One of the primary challenges in translational research data management is breaking down the barriers between the multiple data silos and the integration of 'omics data with clinical information to complete the cycle from the bench to the bedside.
The role of contextual metadata, also called provenance information, is a key factor ineffective data integration, reproducibility of results, correct attribution of original source, and answering research queries involving “What”, “Where”, “When”, “Which”, “Who”, “How”, and “Why” (also known as the W7 model).
We introduce an ontology-driven, intuitive Semantic Proteomics Dashboard (SemPoD) that uses provenance together with domain information (semantic provenance) to enable researchers to query, compare, and correlate data across multiple projects, multiple types of data, and integrate with legacy data to support their current research.
The SemPoD platform, currently in use at the Case Center for Proteomics and Bioinformatics (CPB), consists of the components: Ontology-driven Visual Query Composer, Result Explorer, and Query Manager shown in Figure 1 below. Currently, SemPoD allows provenance–aware querying of 1153 mass-spectrometry experiments from 20 different projects.
SemPoD is an intuitive and powerful provenance ontology-driven data access and query platform to create an integrated view over large-scale systems molecular biology datasets. SemPoD can be deployed over many existing database applications storing ‘omics data, for instance, the LabKey data-management system as shown in Figure 2.

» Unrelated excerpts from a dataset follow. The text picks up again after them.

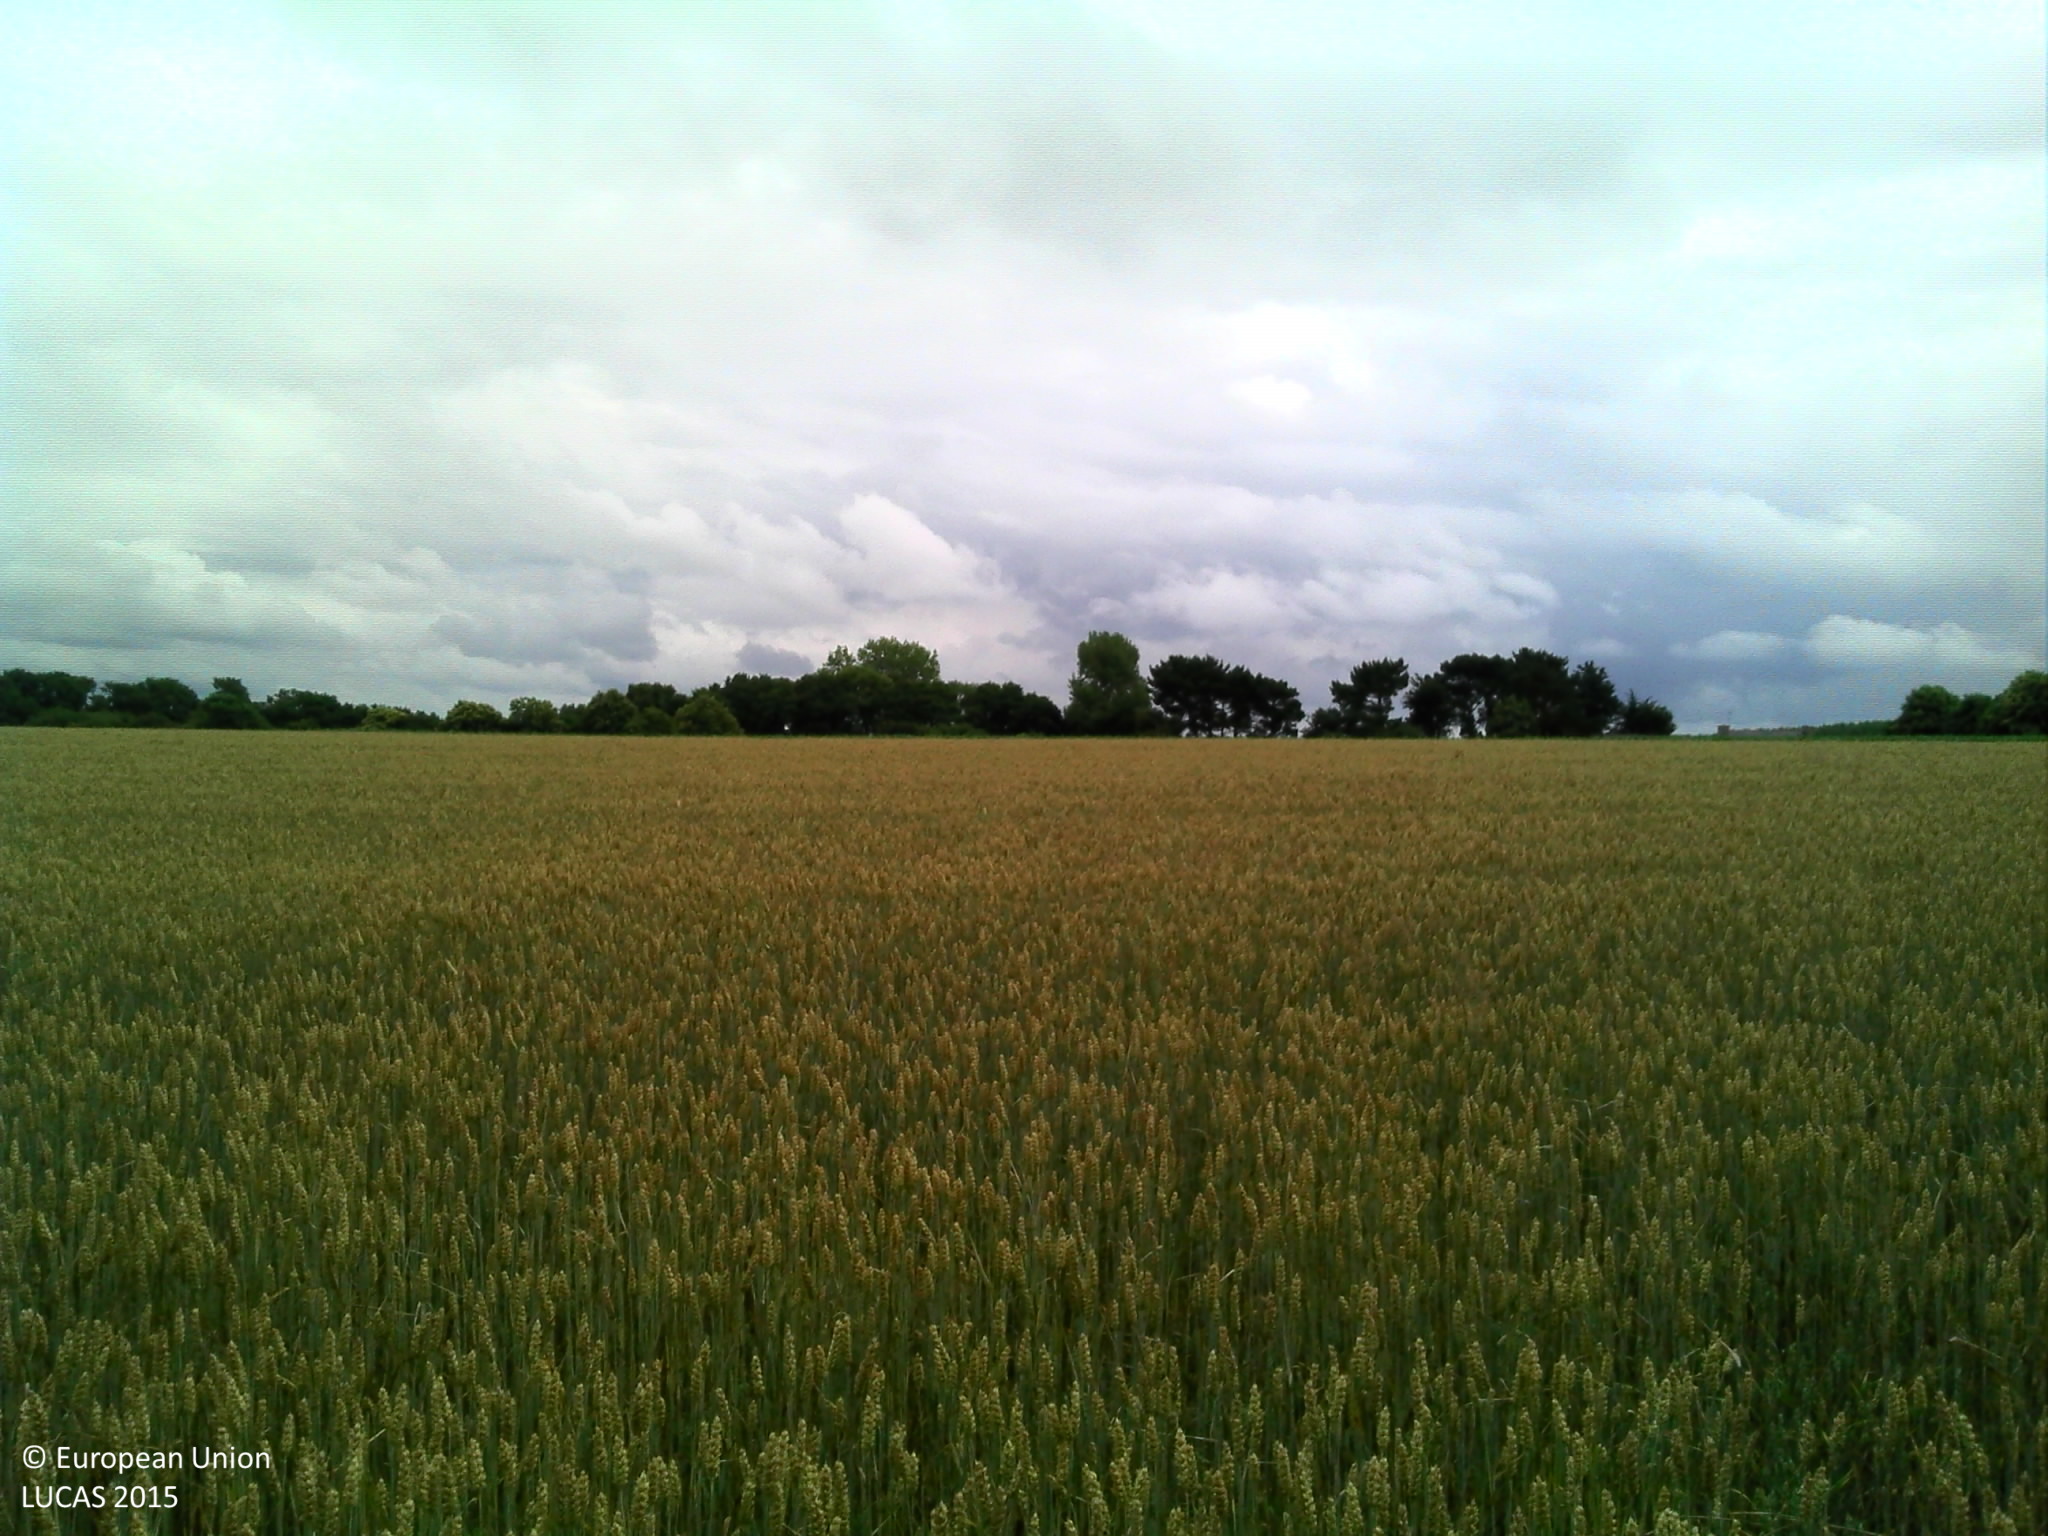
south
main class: Cropland
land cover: Common wheat
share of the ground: > 75 %
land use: Agriculture (excluding fallow land and kitchen gardens)
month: July
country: FR
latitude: 48.6676
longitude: -3.4813

The initial user feedback evaluating the usability and functionality of SemPoD has been very positive and it is being considered for wider deployment beyond the proteomics domain, and in other ‘omics’ centers.
We use two principal proteomics workflows as exemplars to describe the design and implementation of SemPoD, namely:
- The first workflow is affinity-purification mass-spectrometry (AP-MS) workflow that enables the identification of specific protein complexes, thus identifying proteins that are associated with one another.
- The second workflow is the shotgun expression proteomics that identifies and quantifies proteins in an unbiased manner from cells or tissues of interest. Together, these two workflows account for approximately 50% of all experiments performed in the CPB and have been used in approximately 20 separate projects, generating over 3Terabytes (TB) of data.